_WHAT TO WORK ON_: Copy the data below exactly, but not the pictures it contains.

_MATERIAL PROVIDED_:
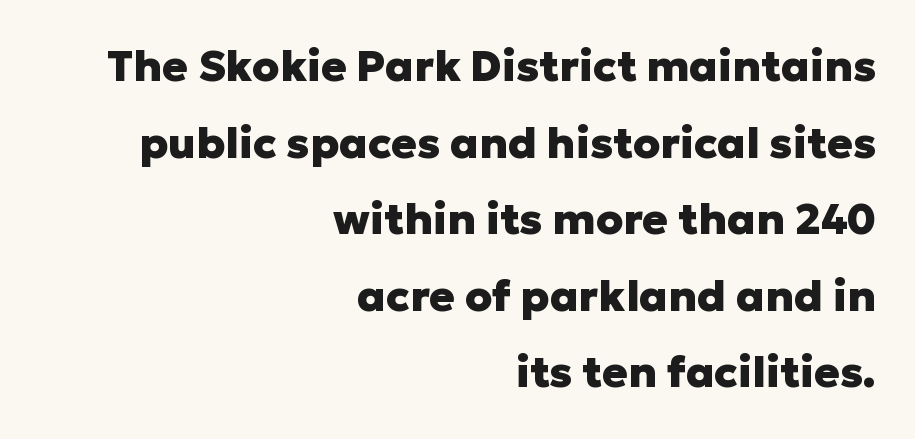
Note the varied advance widths — an 'i' is clearly narrower than an 'm'. The text block is weighted toward the right margin, trailing off unevenly leftward. Anything drawn beneath the words? Only blank space. Is the type bold? Yes — the strokes are clearly thick and heavy. This sample uses a sans-serif face. In terms of letterspacing, this is plain default setting.
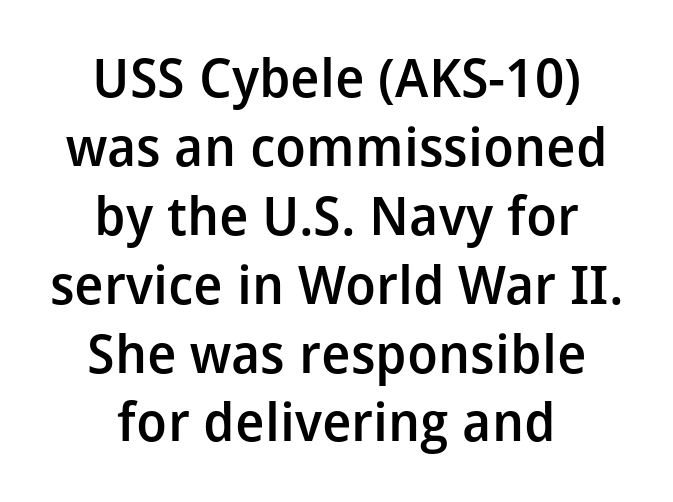
{"serif": "no", "italic": "no", "bold": "semi", "weight": "semibold", "width": "normal", "stroke_contrast": "low", "x_height": "medium", "monospaced": "no", "underline": "no", "align": "center", "line_spacing": "normal", "line_spacing_ratio": 1.3, "letter_spacing": "normal", "letter_spacing_em": 0.0, "glyph_px": 53}
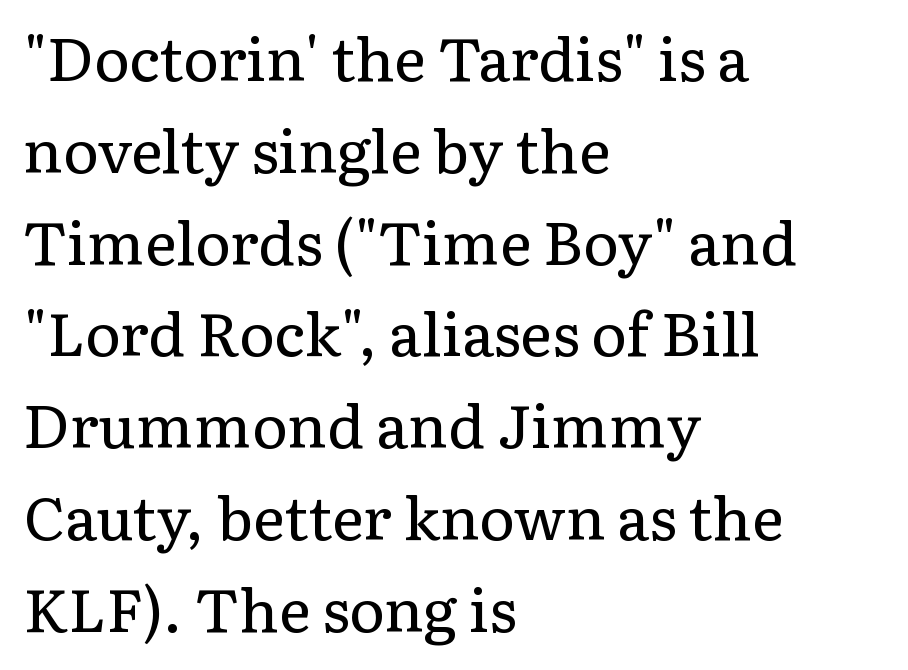
{"serif": "yes", "italic": "no", "bold": "no", "weight": "regular", "width": "normal", "stroke_contrast": "low", "x_height": "medium", "monospaced": "no", "underline": "no", "align": "left", "line_spacing": "normal", "line_spacing_ratio": 1.53, "letter_spacing": "normal", "letter_spacing_em": 0.0, "glyph_px": 60}
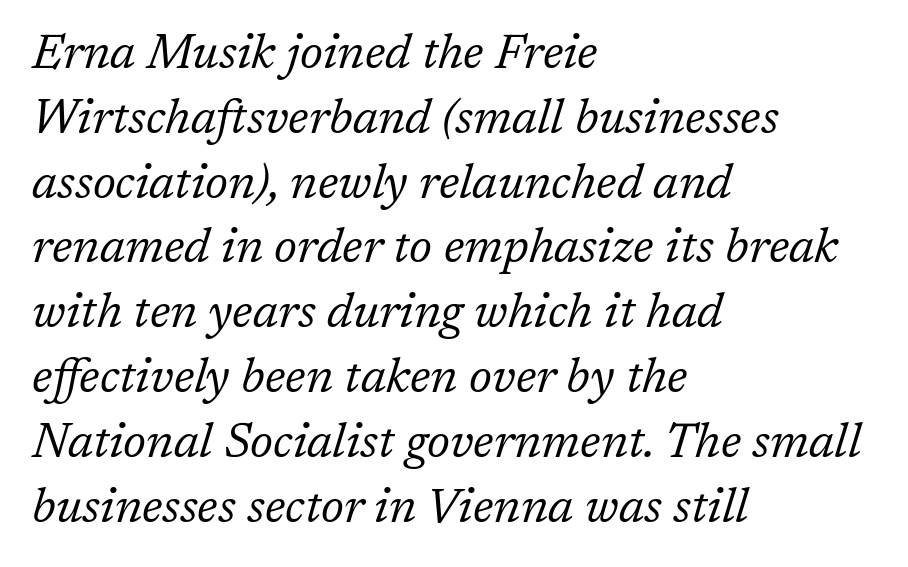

_ANSWER TO THIS PROBLEM_:
Note the varied advance widths — an 'i' is clearly narrower than an 'm'. The text block is weighted toward the right margin, trailing off unevenly leftward. Anything drawn beneath the words? Only blank space. Is the type bold? Yes — the strokes are clearly thick and heavy. This sample uses a sans-serif face. In terms of letterspacing, this is plain default setting.
{"serif": "no", "italic": "no", "bold": "semi", "weight": "semibold", "width": "normal", "stroke_contrast": "low", "x_height": "medium", "monospaced": "no", "underline": "no", "align": "center", "line_spacing": "normal", "line_spacing_ratio": 1.3, "letter_spacing": "normal", "letter_spacing_em": 0.0, "glyph_px": 53}
{"serif": "yes", "italic": "no", "bold": "no", "weight": "regular", "width": "normal", "stroke_contrast": "low", "x_height": "medium", "monospaced": "no", "underline": "no", "align": "left", "line_spacing": "normal", "line_spacing_ratio": 1.53, "letter_spacing": "normal", "letter_spacing_em": 0.0, "glyph_px": 60}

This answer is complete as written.